Direktur Keuangan dan Manajemen Risiko PT KAI Salusra Wijaya menyebut pembebasan lahan untuk proyek sepur kilat ini cukup sulit. Lantaran jalur yang dilalui sangat luas dan melewati daerah komersial.

“Bahkan ada beberapa kawasan industri yang digeser, sehingga cukup costly untuk penggantian,” kata dia dalam rapat bersama Komisi Perhubungan DPR, Rabu tanggal 1 September 2021 lalu.

Perpres 93 merinci kenaikan atau perubahan biaya diatasi komite meliputi dua aspek. Pertama, perubahan porsi kepemilikan perusahaan patungan yang menggarap proyek. Kedua, penyesuaian persyaratan dan jumlah pinjaman yang diterima oleh perusahaan patungan.

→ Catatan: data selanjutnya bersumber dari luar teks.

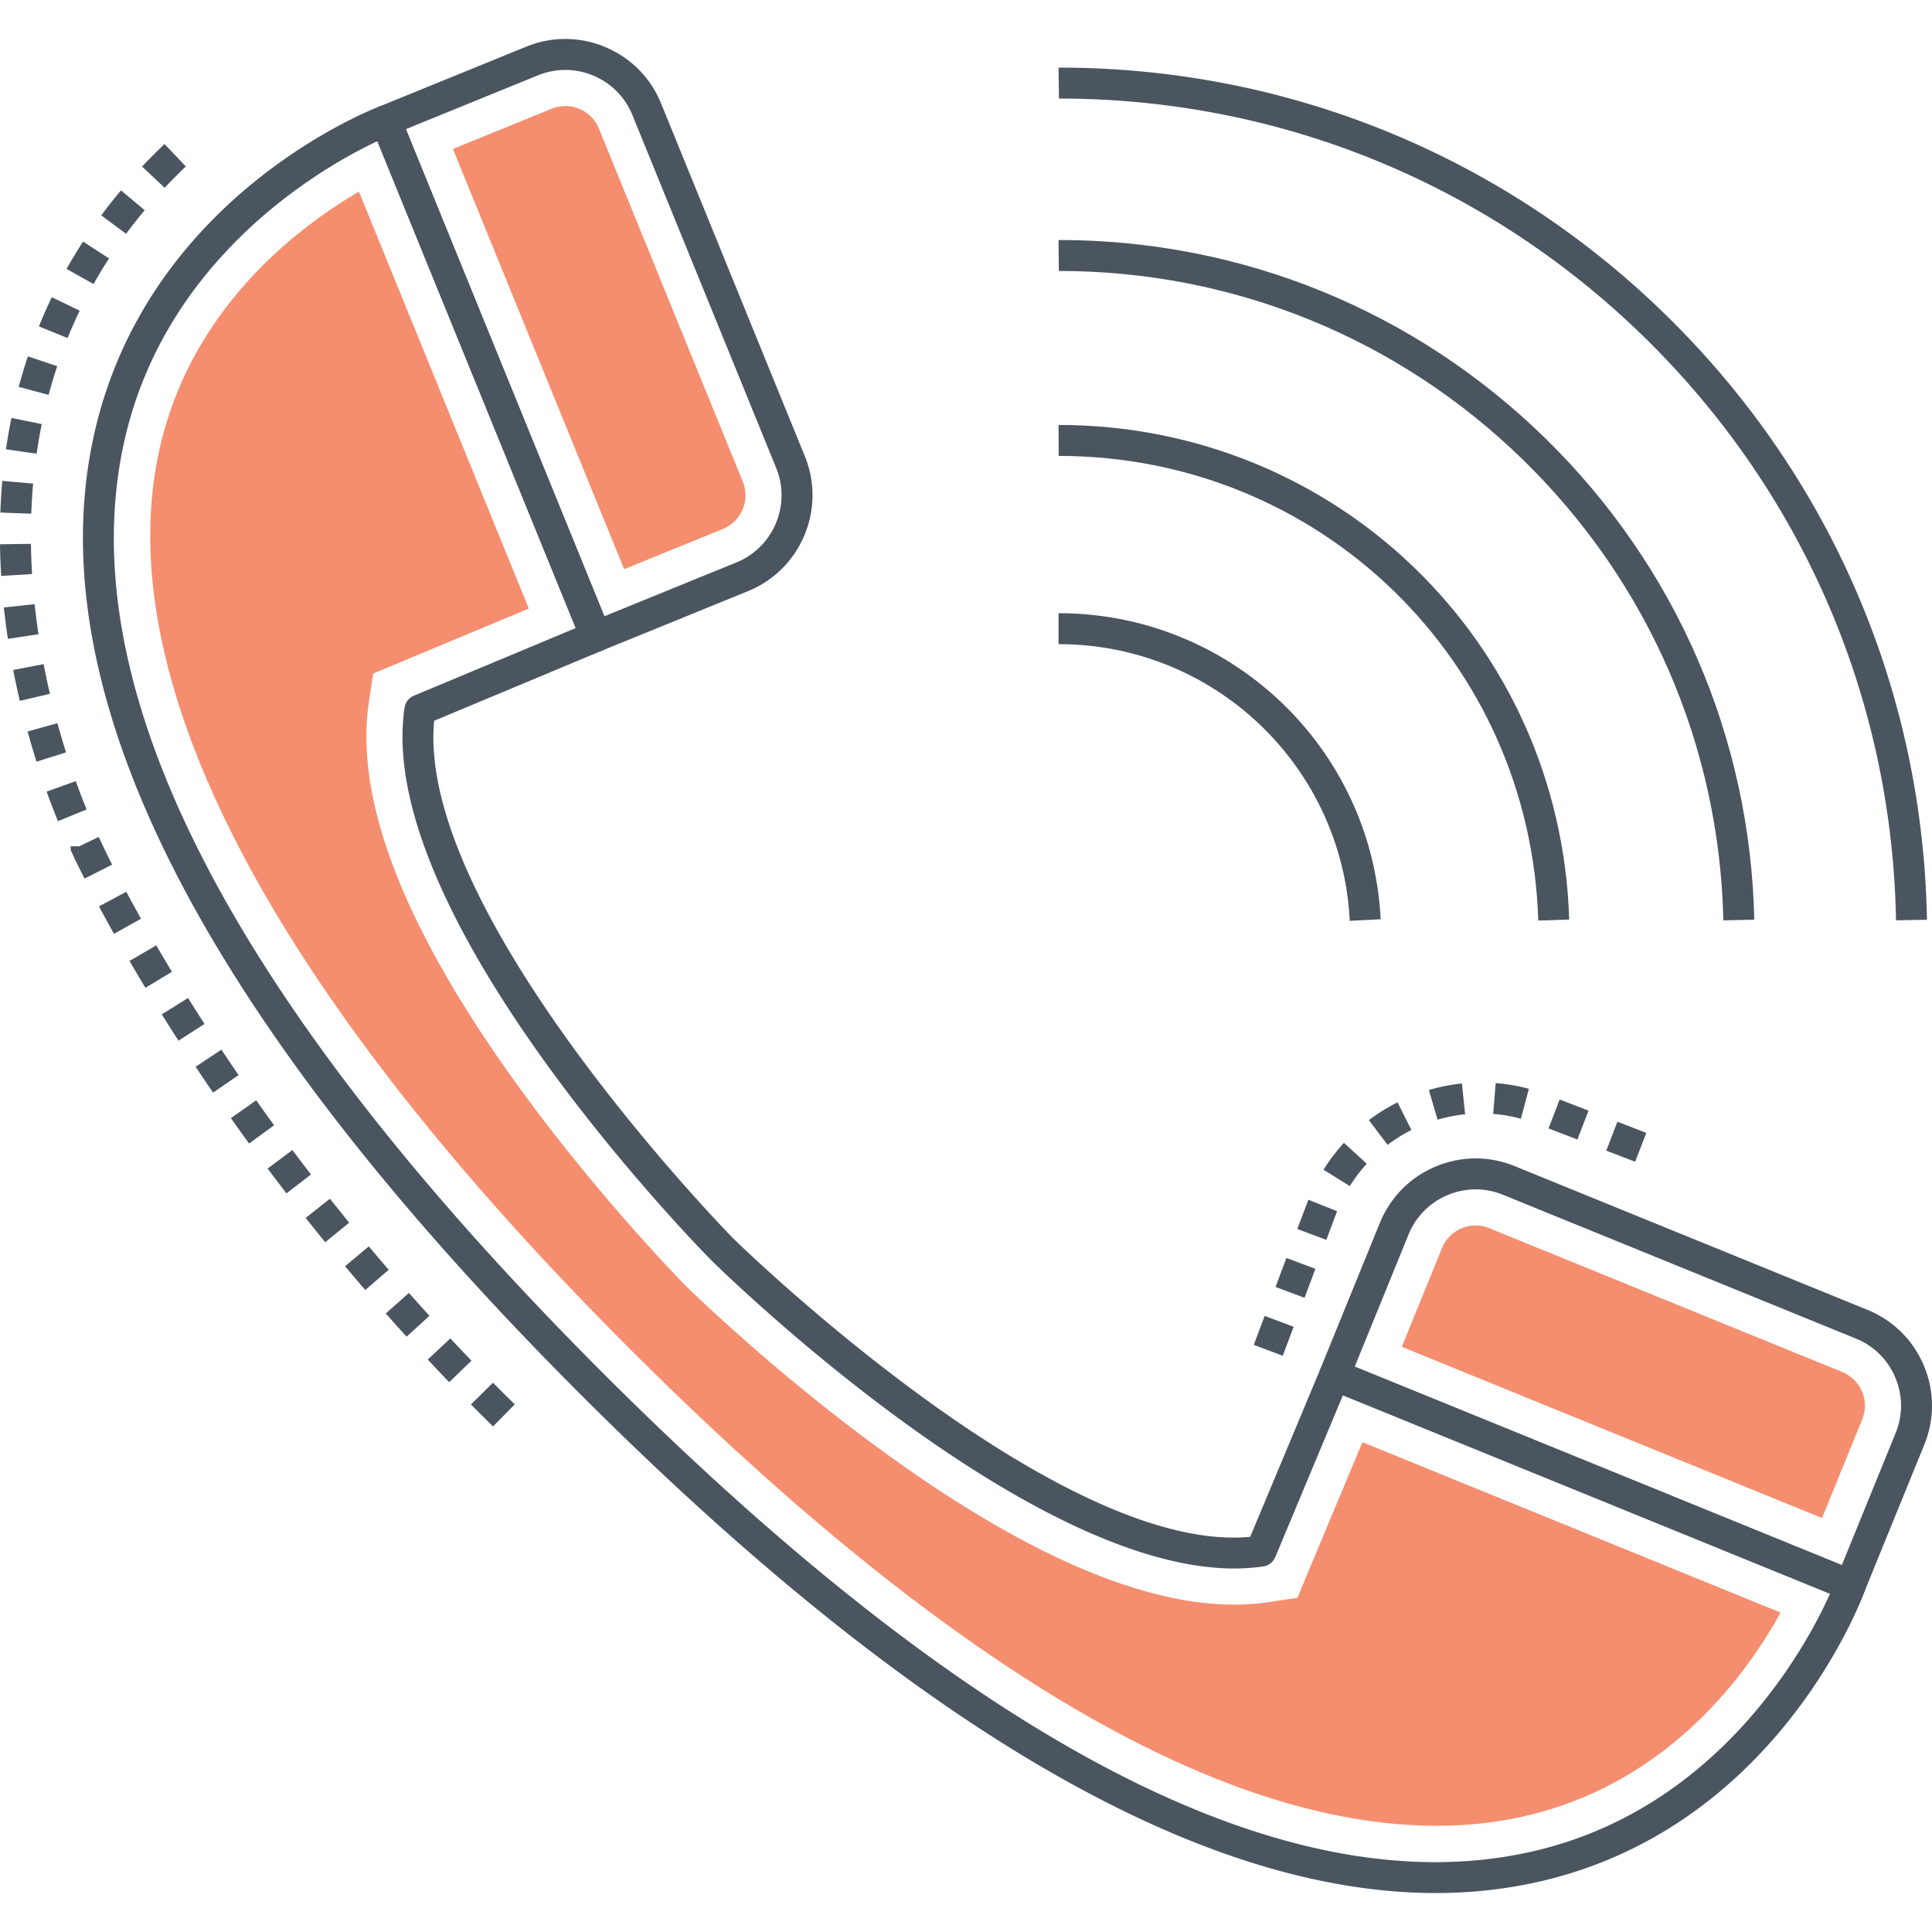 <svg t="1725870967639" class="icon" viewBox="0 0 1024 1024" version="1.1" xmlns="http://www.w3.org/2000/svg" p-id="8490" width="64" height="64"><path d="M315.816 345.518a8.192 8.192 0 0 1-7.596-5.108L196.838 67.04a8.202 8.202 0 0 1 4.502-10.69l77.594-31.614c13.558-5.526 28.456-5.442 41.958 0.242 13.496 5.682 23.972 16.28 29.498 29.842l76.198 187.018c11.406 27.996-2.088 60.05-30.082 71.456l-77.594 31.616a8.172 8.172 0 0 1-3.096 0.608zM215.124 68.448l105.194 258.18 69.998-28.52c19.618-7.994 29.074-30.458 21.08-50.076l-76.198-187.018a38.164 38.164 0 0 0-20.672-20.914 38.168 38.168 0 0 0-29.404-0.17l-69.998 28.518z" fill="#4A555F" p-id="8491"></path><path d="M240.066 78.948l52.276-21.3a19.162 19.162 0 0 1 7.26-1.438 19.226 19.226 0 0 1 17.874 12.02l76.198 187.018a19.152 19.152 0 0 1-0.086 14.76 19.134 19.134 0 0 1-10.494 10.374l-52.276 21.3-90.752-222.734z" fill="#F58E6F" p-id="8492"></path><path d="M980.708 848.428a8.198 8.198 0 0 1-3.094-0.606l-273.366-111.384a8.204 8.204 0 0 1-4.502-10.69l31.612-77.592c5.526-13.562 16.002-24.16 29.498-29.842 13.5-5.684 28.404-5.766 41.958-0.242l187.018 76.2c13.562 5.526 24.162 16.002 29.842 29.498 5.682 13.496 5.77 28.396 0.242 41.958l-31.616 77.594a8.214 8.214 0 0 1-4.414 4.466 8.244 8.244 0 0 1-3.178 0.64z m-262.678-124.086l258.176 105.194 28.52-69.998a38.168 38.168 0 0 0-0.17-29.404 38.16 38.16 0 0 0-20.912-20.672l-187.018-76.2a38.176 38.176 0 0 0-29.404 0.17 38.176 38.176 0 0 0-20.672 20.914l-28.52 69.996z" fill="#4A555F" p-id="8493"></path><path d="M742.974 713.84l21.296-52.276a19.226 19.226 0 0 1 25.132-10.58l187.018 76.2a19.168 19.168 0 0 1 10.498 10.374 19.148 19.148 0 0 1 0.086 14.758l-21.3 52.276-222.73-90.752z" fill="#F58E6F" p-id="8494"></path><path d="M760.92 1003.346c-125.734 0-278.202-88.978-454.272-265.34C106.798 537.824 20.28 367.578 49.498 231.998c27.418-127.232 146.96-173.804 152.034-175.724a8.194 8.194 0 0 1 10.498 4.576l111.382 273.37a8.202 8.202 0 0 1-4.432 10.662l-88.868 37.142c-9.688 102.434 156.672 272.5 158.378 274.23 1.65 1.628 171.698 167.952 274.146 158.298l37.144-88.866a8.2 8.2 0 0 1 10.66-4.434l273.37 111.384a8.2 8.2 0 0 1 4.616 10.39c-1.864 5.148-47.134 126.42-173.87 154.562-17.292 3.84-35.184 5.758-53.636 5.758zM200.012 74.83c-25.936 12.162-112.862 59.854-134.524 160.824-27.838 129.762 57.204 294.88 252.766 490.764 197.688 198.02 363.486 283.858 492.742 255.158 100.792-22.382 147.268-110.79 158.962-136.868l-258.184-105.196-35.846 85.768a8.2 8.2 0 0 1-6.354 4.95c-109.916 16.406-285.274-155.066-292.686-162.374-7.39-7.49-178.878-182.836-162.454-292.768a8.208 8.208 0 0 1 4.948-6.356l85.768-35.846-105.138-258.056z" fill="#4A555F" p-id="8495"></path><path d="M761.632 967.708c-116.426-0.01-261.044-85.74-429.834-254.812-187.76-188.072-273.412-351.56-247.692-472.79 16.106-75.932 73.192-119.284 106.142-138.518l90.026 220.952-82.49 34.476-2.278 15.242c-7.732 51.758 18.83 120.094 78.944 203.11 42.754 59.04 86.874 103.96 88.732 105.842 1.992 1.968 43.12 42.374 98.372 83.332 76.932 57.028 141.682 85.942 192.448 85.94a125.176 125.176 0 0 0 18.398-1.33l15.242-2.278 34.474-82.486 221.638 90.304c-21.594 39.262-76.25 113.014-182.11 113.014l-0.012 0.002z" fill="#F58E6F" p-id="8496"></path><path d="M715.406 488.05c-4.156-82.23-71.956-146.644-154.35-146.644v-16.402c91.14 0 166.134 71.256 170.73 162.22l-16.38 0.826z" fill="#4A555F" p-id="8497"></path><path d="M815.31 487.888c-4.25-138.084-115.9-246.248-254.182-246.248l-0.072-16.402h0.072c147.202 0 266.054 115.15 270.58 262.148l-16.398 0.502z" fill="#4A555F" p-id="8498"></path><path d="M913.414 487.818c-2.056-92.394-39.598-178.928-105.714-243.662-66.224-64.84-153.764-100.548-246.498-100.548l-0.144-16.402h0.144c97.05 0 188.666 37.372 257.972 105.23 69.194 67.748 108.488 158.316 110.638 255.016l-16.398 0.366z" fill="#4A555F" p-id="8499"></path><path d="M1004.928 487.782c-2.098-116.788-49.182-226.258-132.578-308.246-83.496-82.09-193.974-127.3-311.074-127.3l-0.218-16.402h0.218c121.432 0 235.99 46.88 322.576 132.004 86.476 85.018 135.3 198.538 137.476 319.65l-16.4 0.294zM261.334 756.048a1151.934 1151.934 0 0 1-11.71-11.658l11.656-11.542a1119.384 1119.384 0 0 0 11.544 11.492l-11.49 11.708z m-23.248-23.476c-3.856-4-7.646-7.994-11.378-11.984l11.976-11.208a1143.306 1143.306 0 0 0 11.212 11.81l-11.81 11.382z m-22.588-24.116a1214.98 1214.98 0 0 1-11.04-12.288l12.28-10.876a1158.108 1158.108 0 0 0 10.884 12.12l-12.124 11.044z m-21.906-24.73a1123.056 1123.056 0 0 1-10.698-12.59l12.574-10.53a1176.976 1176.976 0 0 0 10.548 12.412l-12.424 10.708z m-21.224-25.32a1184.192 1184.192 0 0 1-10.35-12.874l12.852-10.19a1206.536 1206.536 0 0 0 10.212 12.7l-12.714 10.364zM151.84 632.518a1221.152 1221.152 0 0 1-9.998-13.154l13.13-9.832a1162.816 1162.816 0 0 0 9.86 12.972l-12.992 10.014z m-19.812-26.438a1216.668 1216.668 0 0 1-9.638-13.424l13.396-9.47a1145.884 1145.884 0 0 0 9.498 13.238l-13.256 9.656z m-19.086-26.978a1134.218 1134.218 0 0 1-9.262-13.69l13.654-9.094a1132.53 1132.53 0 0 0 9.128 13.494l-13.52 9.29z m-18.332-27.51a1129.604 1129.604 0 0 1-8.866-13.954l13.91-8.692a1082.93 1082.93 0 0 0 8.738 13.75l-13.782 8.896z m-17.528-28.042a1059.664 1059.664 0 0 1-8.442-14.228l14.172-8.258a1033.1 1033.1 0 0 0 8.314 14.004l-14.044 8.482z m-16.658-28.608a887.856 887.856 0 0 1-7.958-14.534l14.46-7.742a889.406 889.406 0 0 0 7.814 14.268l-14.316 8.008z m-15.626-29.272c-3.884-7.69-5.73-11.458-6.604-13.6l-0.652-1.33 0.142-0.07c-0.28-0.924-0.28-1.428-0.28-2.118h4.664l10.244-4.95 0.614 1.252c0.058 0.114 0.112 0.23 0.166 0.348 0.114 0.254 2.202 4.862 6.348 13.07l-14.642 7.398z m-14.08-30.442a399.38 399.38 0 0 1-6.002-15.658l15.436-5.55a379.224 379.224 0 0 0 5.75 15.01l-15.184 6.198z m-11.354-31.51a445.16 445.16 0 0 1-4.742-16.034l15.816-4.358a425.78 425.78 0 0 0 4.566 15.444l-15.64 4.948zM10.5 371.47a420.55 420.55 0 0 1-3.492-16.362L23.112 352a415.44 415.44 0 0 0 3.358 15.732l-15.97 3.738zM4.18 338.6a387.26 387.26 0 0 1-2.136-16.628l16.312-1.73c0.574 5.414 1.262 10.728 2.046 15.918L4.18 338.6zM0.636 305.26A355.272 355.272 0 0 1 0 288.48l16.402-0.23c0.072 5.294 0.278 10.678 0.604 16.004l-16.37 1.006z m15.94-33.002l-16.392-0.59c0.202-5.634 0.556-11.288 1.044-16.8l16.338 1.452a304.66 304.66 0 0 0-0.99 15.938z m2.83-31.786l-16.232-2.344c0.8-5.562 1.772-11.154 2.886-16.62l16.072 3.27a284 284 0 0 0-2.726 15.694z m6.366-31.184l-15.852-4.22c1.45-5.44 3.08-10.888 4.85-16.192l15.56 5.19a254.914 254.914 0 0 0-4.558 15.222z m10.054-30.128l-15.202-6.156a267.666 267.666 0 0 1 6.84-15.47l14.786 7.106a251.012 251.012 0 0 0-6.424 14.52z m13.754-28.6l-14.3-8.036a268.206 268.206 0 0 1 8.746-14.474l13.766 8.92a254.88 254.88 0 0 0-8.212 13.59z m17.266-26.642l-13.184-9.76a281.742 281.742 0 0 1 10.452-13.264l12.574 10.532a265.6 265.6 0 0 0-9.842 12.492z m20.418-24.392l-11.944-11.242a306.72 306.72 0 0 1 11.888-11.94l11.304 11.888a286.324 286.324 0 0 0-11.248 11.294zM679.89 718.582l-15.356-5.77 5.77-15.356 15.356 5.77-5.77 15.356z m11.538-30.71l-15.356-5.77 5.77-15.354 15.356 5.77-5.77 15.354z m11.54-30.708l-15.356-5.77 5.846-15.504 15.234 6.08-5.724 15.194z m12.444-28.508l-13.91-8.69a98.102 98.102 0 0 1 10.818-14.234l12.1 11.076a81.822 81.822 0 0 0-9.008 11.848z m151.26-12.906l-15.308-5.894 5.894-15.308 15.308 5.894-5.894 15.308z m-131.236-8.954l-9.888-13.09a99.24 99.24 0 0 1 15.17-9.432l7.368 14.654a82.644 82.644 0 0 0-12.65 7.868z m100.622-2.832l-15.308-5.894 5.894-15.308 15.308 5.894-5.894 15.308z m-74.116-10.5l-4.614-15.74a98.892 98.892 0 0 1 17.524-3.454l1.698 16.314c-4.924 0.512-9.84 1.482-14.608 2.88z m44.16-0.538a81.81 81.81 0 0 0-14.67-2.526l1.298-16.352c5.924 0.472 11.852 1.492 17.612 3.034l-4.24 15.844z" fill="#4A555F" p-id="8500"></path></svg>

Lalu tugas kedua komite yaitu menetapkan bentuk dukungan pemerintah yang dapat diberikan untuk mengatasi bagian kewajiban perusahaan patungan. Dukungan yang dimaksud juga bila terjadi cost overrun.

Bentuk dukungan yang bisa diberikan ada dua. Pertama, rencana Penyertaan Modal Negara (PMN)  kepada pimpinan konsorsium BUMN untuk keperluan proyek. Kedua, pemberian penjaminan pemerintah atas kewajiban pimpinan konsorsium BUMN dalam hal diperlukan.

“Untuk pemenuhan modal proyek kereta cepat Jakarta-Bandung,” demikian bunyi Pasal 3A ayat 2.

Adapun ketentuan lebih lanjut soal komite ini diatur dalam Peraturan Menteri Koordinator Kemaritiman.

Perusahaan patungan menjadi fokus karena Jokowi mengubah susunan penggarap proyek ini. Lewat Perpres 93, Jokowi menetapkan PT Kereta Api Indonesia (persero) sebagai pimpinan konsorsium BUMN, menggantikan PT Wijaya Karya (persero) Tbk.

Sementara, susunan anggota konsorsium masih sama. Selain KAI dan Wijaya Karya, ada juga PT Jasa Marga (persero) Tbk dan PT Perkebunan Nusantara VIII. “Konsorsium BUMN dapat diwujudkan dalam bentuk perusahaan patungan,” demikian bunyi Pasal 1 ayat 2 di Perpres 93.